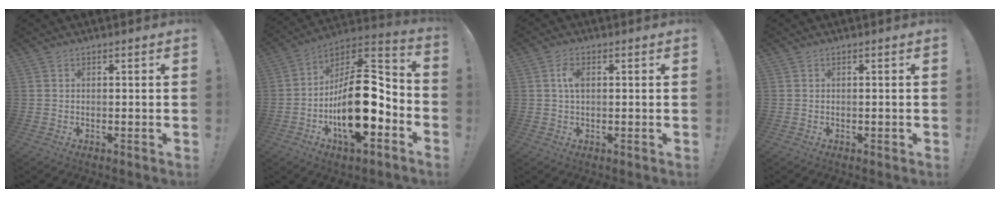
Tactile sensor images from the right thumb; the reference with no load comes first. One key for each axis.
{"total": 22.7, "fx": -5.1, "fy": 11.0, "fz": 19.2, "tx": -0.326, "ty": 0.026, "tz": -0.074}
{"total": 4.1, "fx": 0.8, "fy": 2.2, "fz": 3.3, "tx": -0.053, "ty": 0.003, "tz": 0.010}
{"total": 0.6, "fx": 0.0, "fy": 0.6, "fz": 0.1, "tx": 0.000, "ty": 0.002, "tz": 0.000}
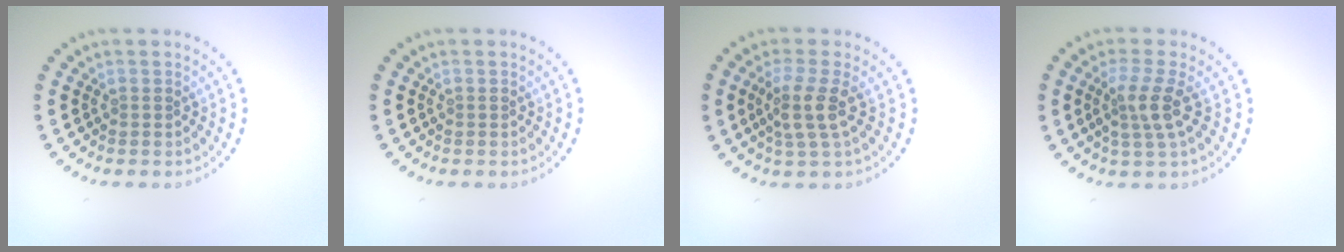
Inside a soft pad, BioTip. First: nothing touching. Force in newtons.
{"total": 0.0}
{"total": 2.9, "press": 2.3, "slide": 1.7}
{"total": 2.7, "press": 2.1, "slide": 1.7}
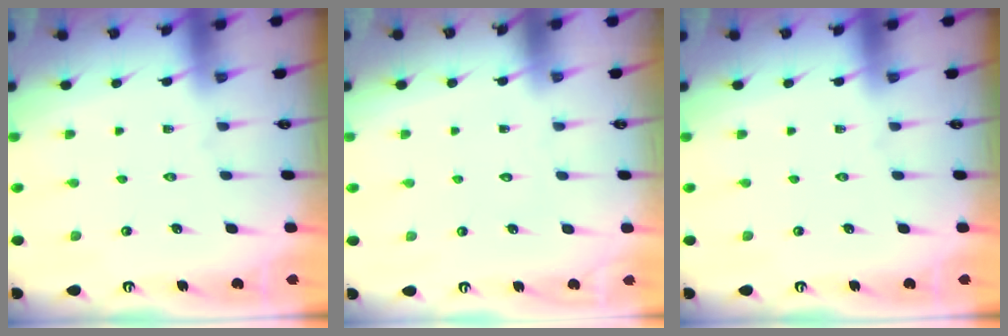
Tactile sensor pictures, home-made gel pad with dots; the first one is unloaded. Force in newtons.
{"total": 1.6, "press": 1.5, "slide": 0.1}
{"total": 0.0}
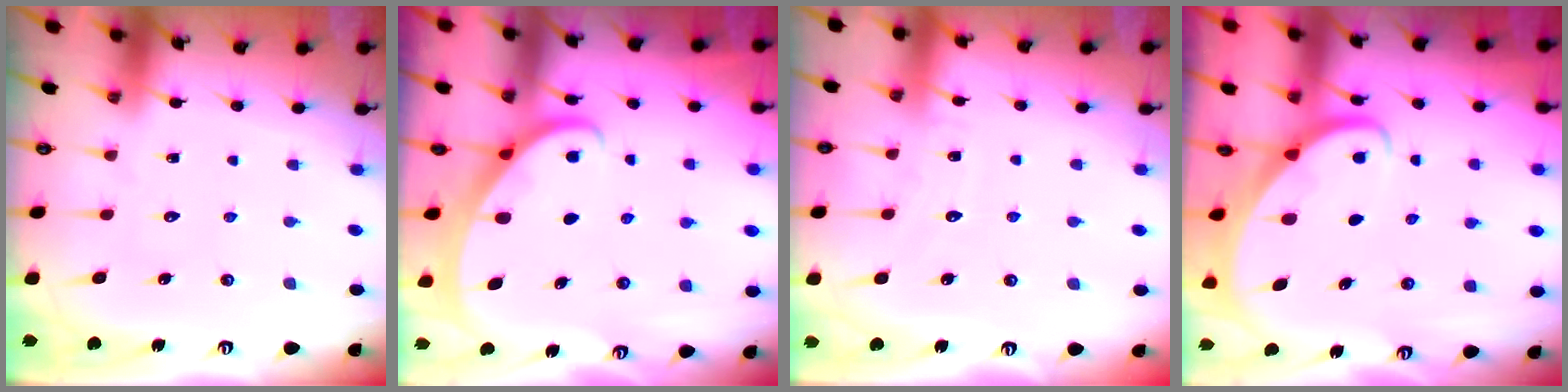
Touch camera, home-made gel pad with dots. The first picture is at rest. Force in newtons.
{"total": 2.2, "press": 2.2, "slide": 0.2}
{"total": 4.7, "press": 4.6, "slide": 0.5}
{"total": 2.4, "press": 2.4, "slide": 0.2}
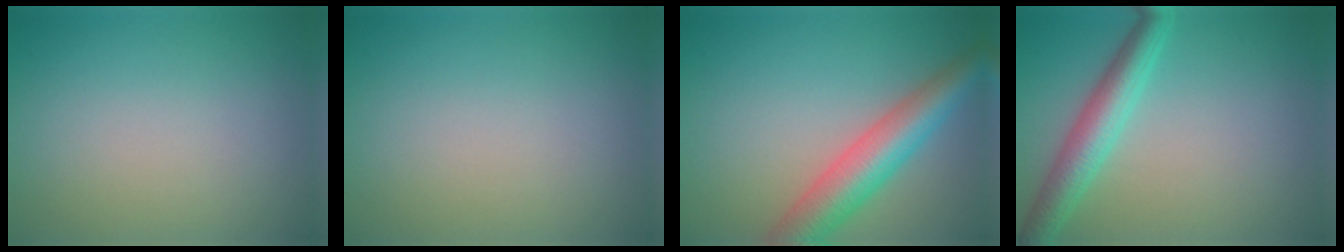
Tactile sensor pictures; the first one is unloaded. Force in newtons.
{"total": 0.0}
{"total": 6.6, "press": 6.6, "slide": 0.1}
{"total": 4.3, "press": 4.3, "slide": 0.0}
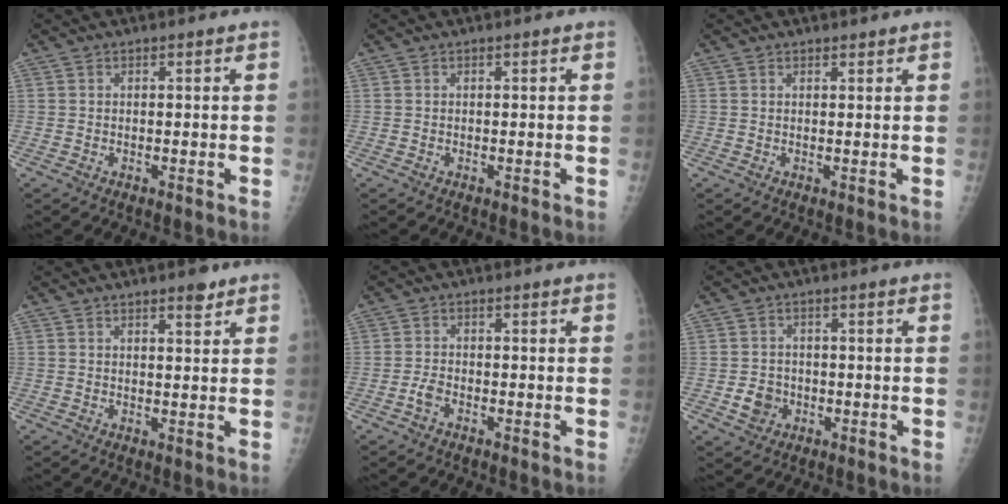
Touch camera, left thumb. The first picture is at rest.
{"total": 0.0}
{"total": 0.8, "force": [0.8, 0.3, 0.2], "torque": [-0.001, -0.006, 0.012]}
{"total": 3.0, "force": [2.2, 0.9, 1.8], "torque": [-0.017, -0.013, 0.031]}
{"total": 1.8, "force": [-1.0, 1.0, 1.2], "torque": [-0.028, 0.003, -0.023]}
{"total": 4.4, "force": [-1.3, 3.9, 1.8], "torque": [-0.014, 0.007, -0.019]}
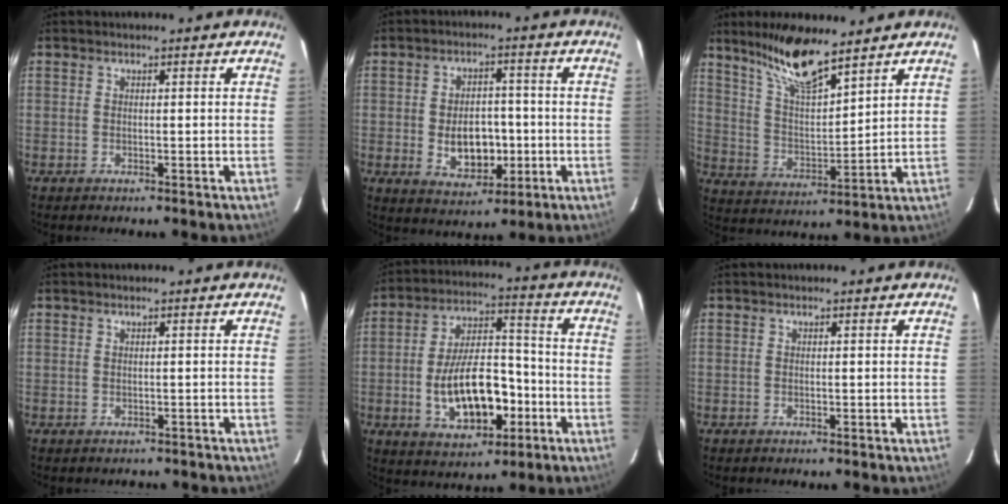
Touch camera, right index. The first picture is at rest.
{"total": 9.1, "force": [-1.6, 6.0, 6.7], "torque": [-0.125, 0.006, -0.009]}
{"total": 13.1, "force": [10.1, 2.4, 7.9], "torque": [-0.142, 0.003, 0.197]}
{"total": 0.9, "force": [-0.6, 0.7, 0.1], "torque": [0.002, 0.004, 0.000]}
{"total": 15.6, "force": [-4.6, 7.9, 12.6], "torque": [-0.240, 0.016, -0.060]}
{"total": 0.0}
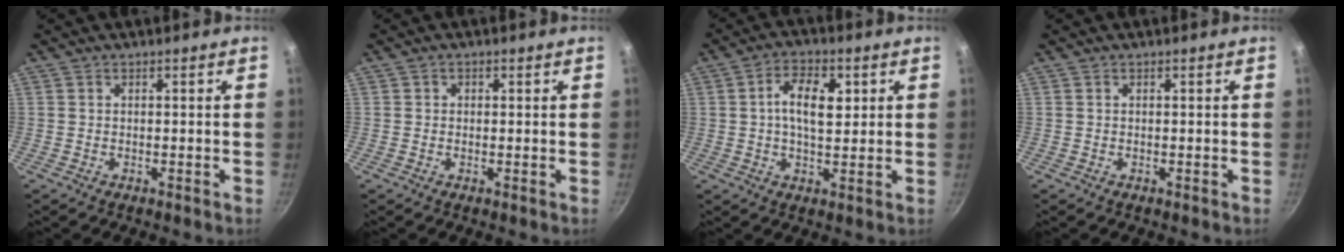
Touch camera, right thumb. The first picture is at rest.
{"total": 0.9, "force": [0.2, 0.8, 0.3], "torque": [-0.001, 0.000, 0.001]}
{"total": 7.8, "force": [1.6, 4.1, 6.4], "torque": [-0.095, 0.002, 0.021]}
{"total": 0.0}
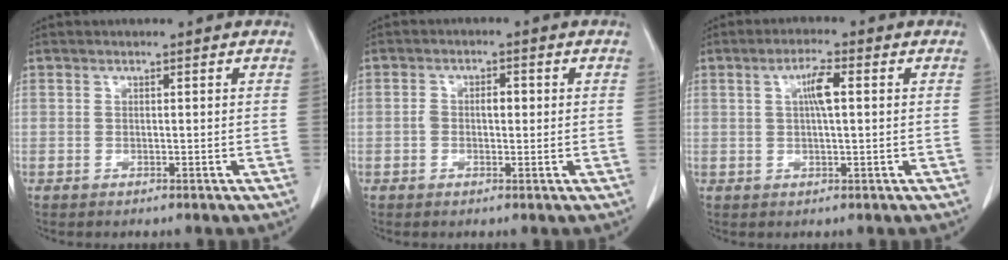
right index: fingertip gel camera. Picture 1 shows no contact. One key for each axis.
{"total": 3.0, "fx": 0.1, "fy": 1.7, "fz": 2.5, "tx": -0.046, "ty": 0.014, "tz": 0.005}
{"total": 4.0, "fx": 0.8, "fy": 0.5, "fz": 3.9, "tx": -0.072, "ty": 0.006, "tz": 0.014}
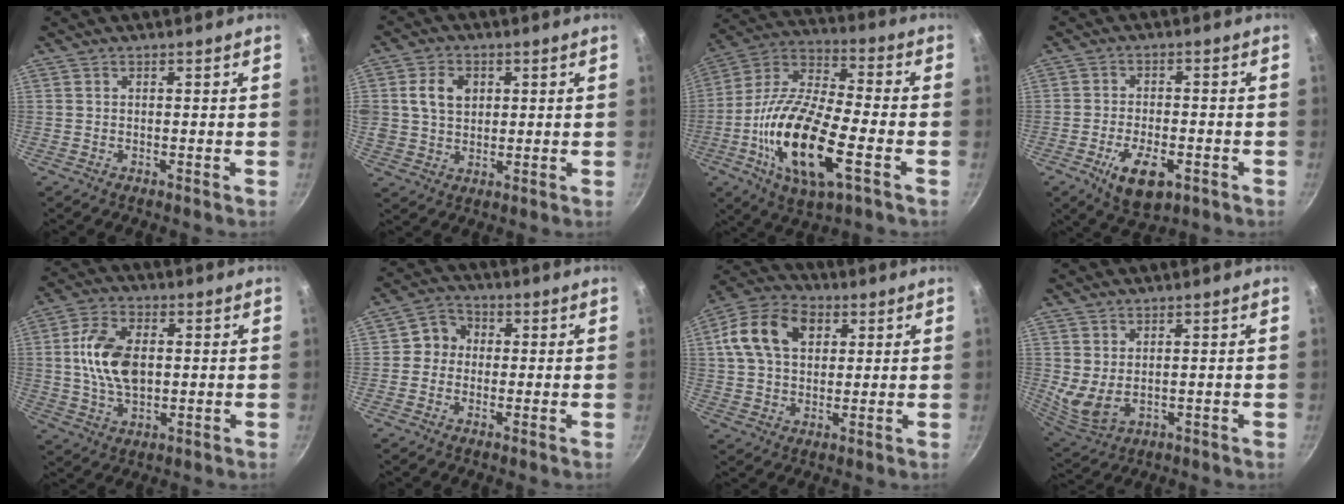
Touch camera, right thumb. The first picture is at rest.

# Task to carry out:
Please transcribe every entry above exactly, leaving out any pictures.

# Answer box:
Tactile sensor images from the right thumb; the reference with no load comes first. One key for each axis.
{"total": 22.7, "fx": -5.1, "fy": 11.0, "fz": 19.2, "tx": -0.326, "ty": 0.026, "tz": -0.074}
{"total": 4.1, "fx": 0.8, "fy": 2.2, "fz": 3.3, "tx": -0.053, "ty": 0.003, "tz": 0.010}
{"total": 0.6, "fx": 0.0, "fy": 0.6, "fz": 0.1, "tx": 0.000, "ty": 0.002, "tz": 0.000}
Inside a soft pad, BioTip. First: nothing touching. Force in newtons.
{"total": 0.0}
{"total": 2.9, "press": 2.3, "slide": 1.7}
{"total": 2.7, "press": 2.1, "slide": 1.7}
Tactile sensor pictures, home-made gel pad with dots; the first one is unloaded. Force in newtons.
{"total": 1.6, "press": 1.5, "slide": 0.1}
{"total": 0.0}
Touch camera, home-made gel pad with dots. The first picture is at rest. Force in newtons.
{"total": 2.2, "press": 2.2, "slide": 0.2}
{"total": 4.7, "press": 4.6, "slide": 0.5}
{"total": 2.4, "press": 2.4, "slide": 0.2}
Tactile sensor pictures; the first one is unloaded. Force in newtons.
{"total": 0.0}
{"total": 6.6, "press": 6.6, "slide": 0.1}
{"total": 4.3, "press": 4.3, "slide": 0.0}
Touch camera, left thumb. The first picture is at rest.
{"total": 0.0}
{"total": 0.8, "force": [0.8, 0.3, 0.2], "torque": [-0.001, -0.006, 0.012]}
{"total": 3.0, "force": [2.2, 0.9, 1.8], "torque": [-0.017, -0.013, 0.031]}
{"total": 1.8, "force": [-1.0, 1.0, 1.2], "torque": [-0.028, 0.003, -0.023]}
{"total": 4.4, "force": [-1.3, 3.9, 1.8], "torque": [-0.014, 0.007, -0.019]}
Touch camera, right index. The first picture is at rest.
{"total": 9.1, "force": [-1.6, 6.0, 6.7], "torque": [-0.125, 0.006, -0.009]}
{"total": 13.1, "force": [10.1, 2.4, 7.9], "torque": [-0.142, 0.003, 0.197]}
{"total": 0.9, "force": [-0.6, 0.7, 0.1], "torque": [0.002, 0.004, 0.000]}
{"total": 15.6, "force": [-4.6, 7.9, 12.6], "torque": [-0.240, 0.016, -0.060]}
{"total": 0.0}
Touch camera, right thumb. The first picture is at rest.
{"total": 0.9, "force": [0.2, 0.8, 0.3], "torque": [-0.001, 0.000, 0.001]}
{"total": 7.8, "force": [1.6, 4.1, 6.4], "torque": [-0.095, 0.002, 0.021]}
{"total": 0.0}
right index: fingertip gel camera. Picture 1 shows no contact. One key for each axis.
{"total": 3.0, "fx": 0.1, "fy": 1.7, "fz": 2.5, "tx": -0.046, "ty": 0.014, "tz": 0.005}
{"total": 4.0, "fx": 0.8, "fy": 0.5, "fz": 3.9, "tx": -0.072, "ty": 0.006, "tz": 0.014}
Touch camera, right thumb. The first picture is at rest.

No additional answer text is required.